REQUIREMENT: What's wanted here is the full listing below, repeated exactly, with no images in it.

###

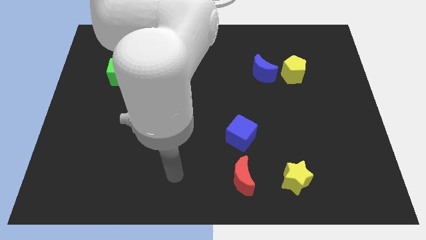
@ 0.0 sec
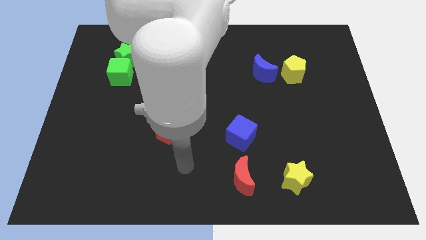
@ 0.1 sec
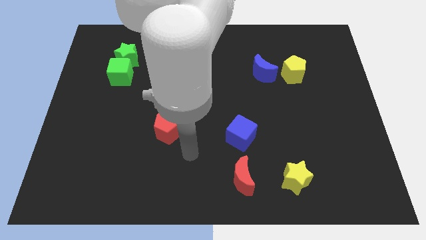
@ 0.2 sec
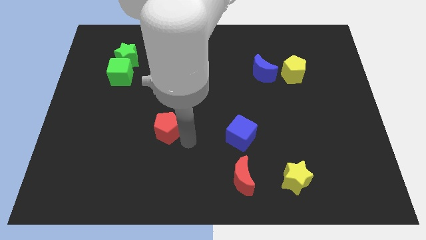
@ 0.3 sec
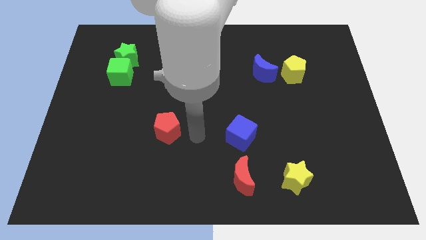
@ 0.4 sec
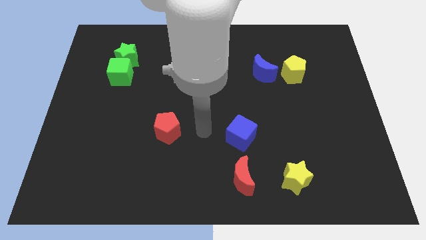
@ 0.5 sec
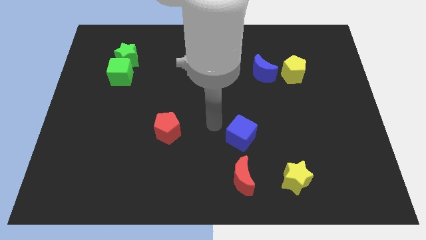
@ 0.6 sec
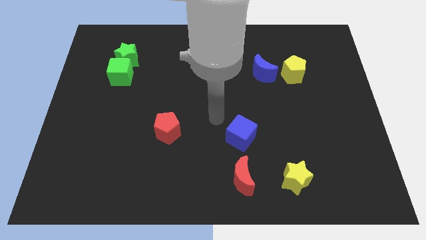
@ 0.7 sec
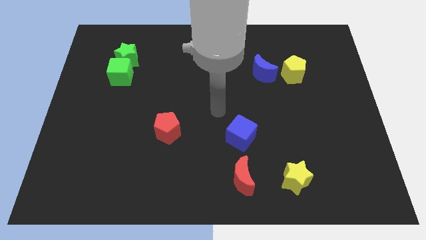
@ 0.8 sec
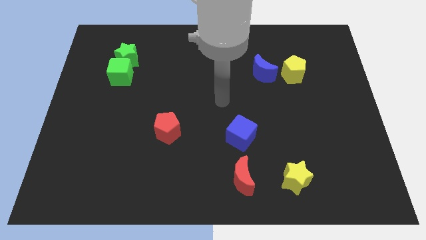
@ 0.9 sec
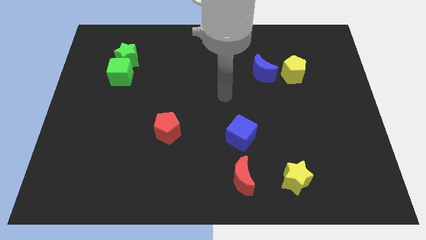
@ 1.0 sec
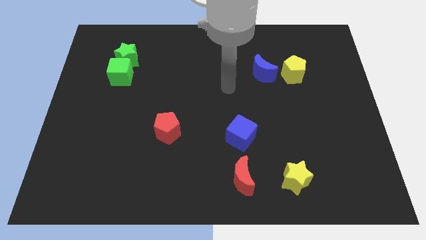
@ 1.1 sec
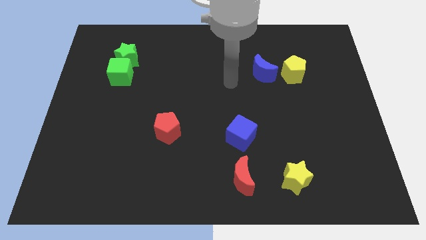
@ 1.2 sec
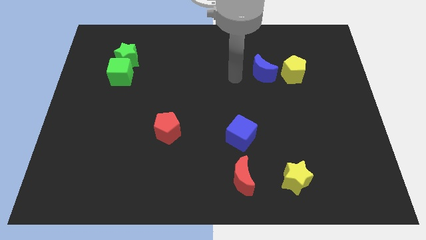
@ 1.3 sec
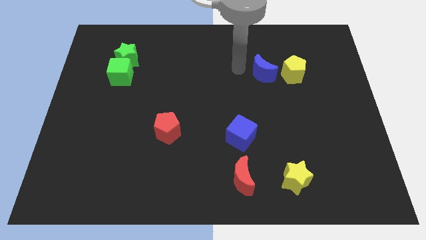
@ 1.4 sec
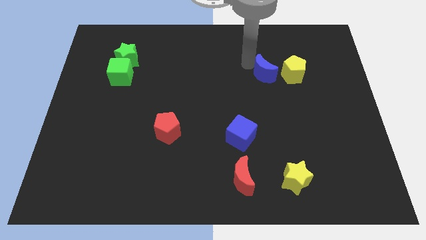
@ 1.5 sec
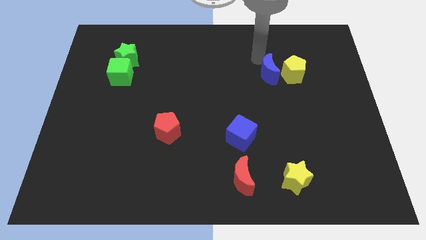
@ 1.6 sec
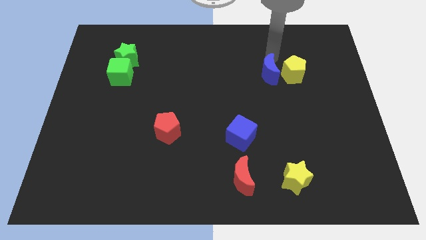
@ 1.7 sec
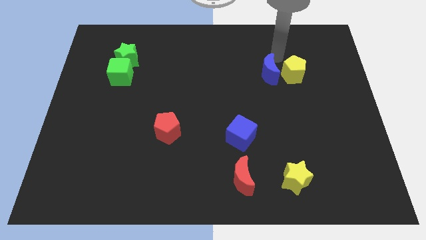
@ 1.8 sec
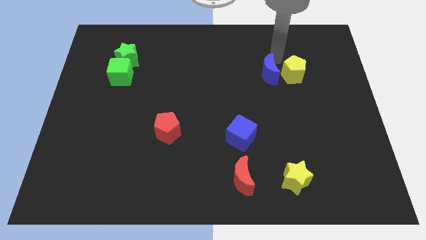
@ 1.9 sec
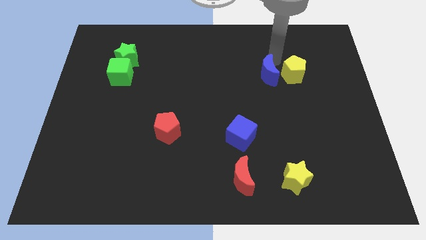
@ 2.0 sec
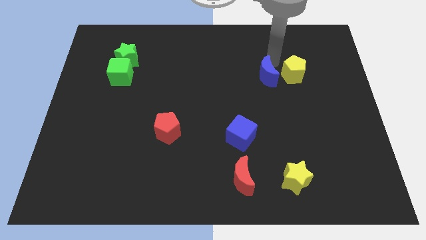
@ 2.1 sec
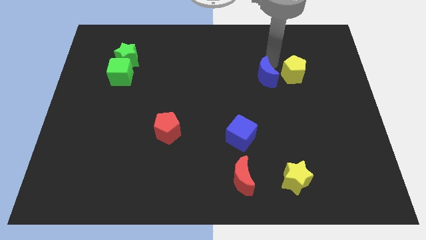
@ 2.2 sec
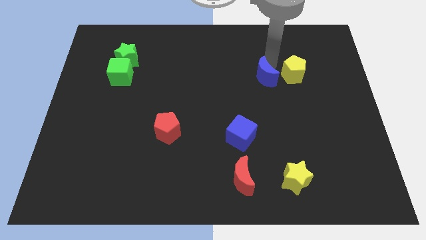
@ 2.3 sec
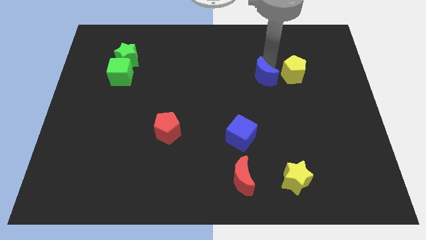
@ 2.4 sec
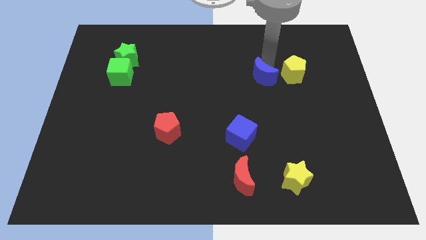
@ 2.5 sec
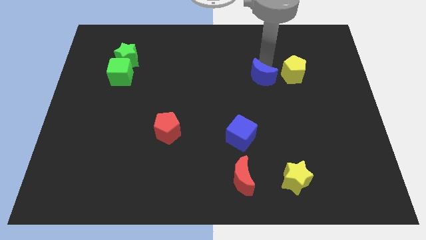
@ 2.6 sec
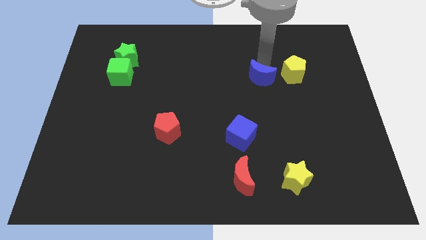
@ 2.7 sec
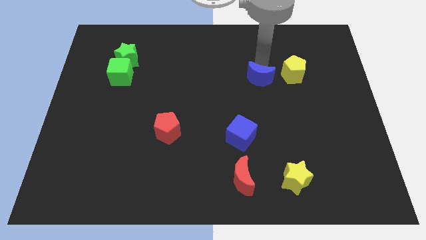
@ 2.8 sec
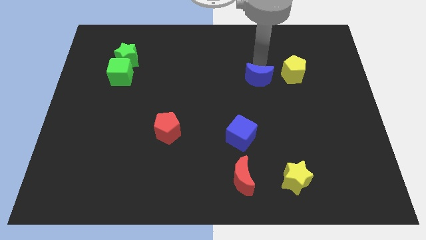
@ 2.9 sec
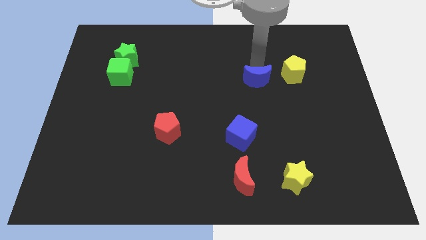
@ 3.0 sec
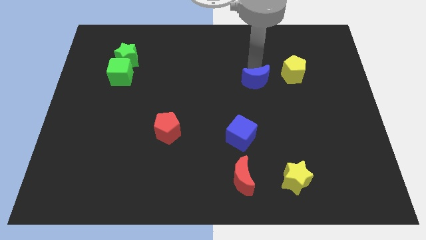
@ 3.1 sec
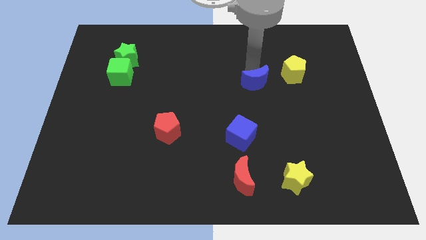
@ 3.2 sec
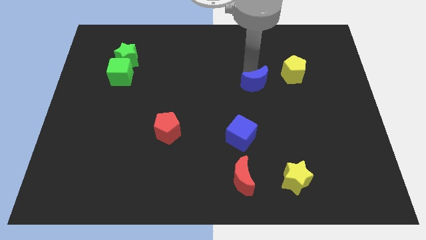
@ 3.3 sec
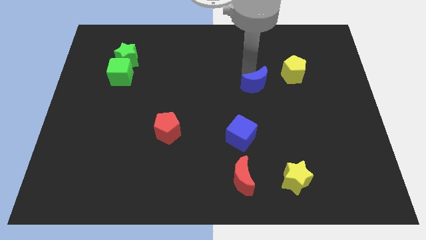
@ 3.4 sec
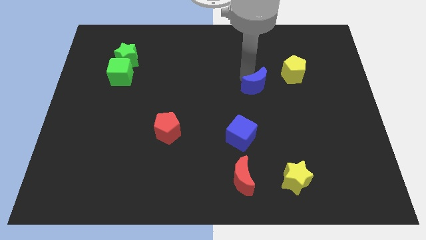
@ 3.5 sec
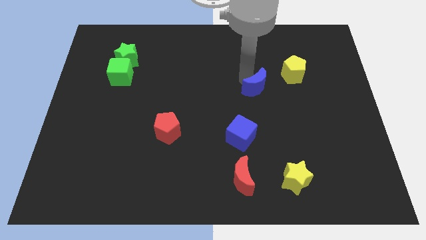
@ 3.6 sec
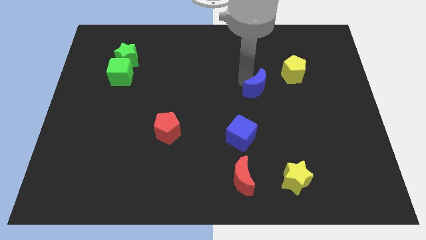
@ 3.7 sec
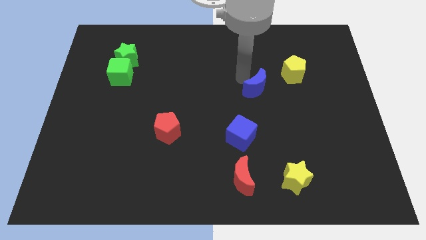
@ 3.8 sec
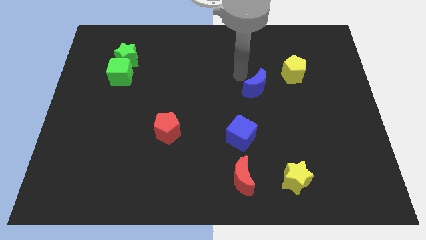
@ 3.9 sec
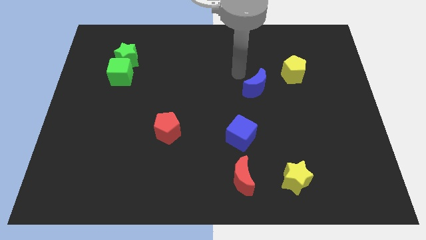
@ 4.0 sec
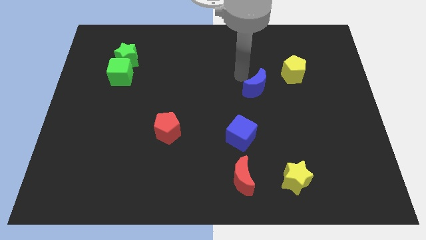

###

PROBLEM SOLUTION:
@ 0.0 sec
@ 0.1 sec
@ 0.2 sec
@ 0.3 sec
@ 0.4 sec
@ 0.5 sec
@ 0.6 sec
@ 0.7 sec
@ 0.8 sec
@ 0.9 sec
@ 1.0 sec
@ 1.1 sec
@ 1.2 sec
@ 1.3 sec
@ 1.4 sec
@ 1.5 sec
@ 1.6 sec
@ 1.7 sec
@ 1.8 sec
@ 1.9 sec
@ 2.0 sec
@ 2.1 sec
@ 2.2 sec
@ 2.3 sec
@ 2.4 sec
@ 2.5 sec
@ 2.6 sec
@ 2.7 sec
@ 2.8 sec
@ 2.9 sec
@ 3.0 sec
@ 3.1 sec
@ 3.2 sec
@ 3.3 sec
@ 3.4 sec
@ 3.5 sec
@ 3.6 sec
@ 3.7 sec
@ 3.8 sec
@ 3.9 sec
@ 4.0 sec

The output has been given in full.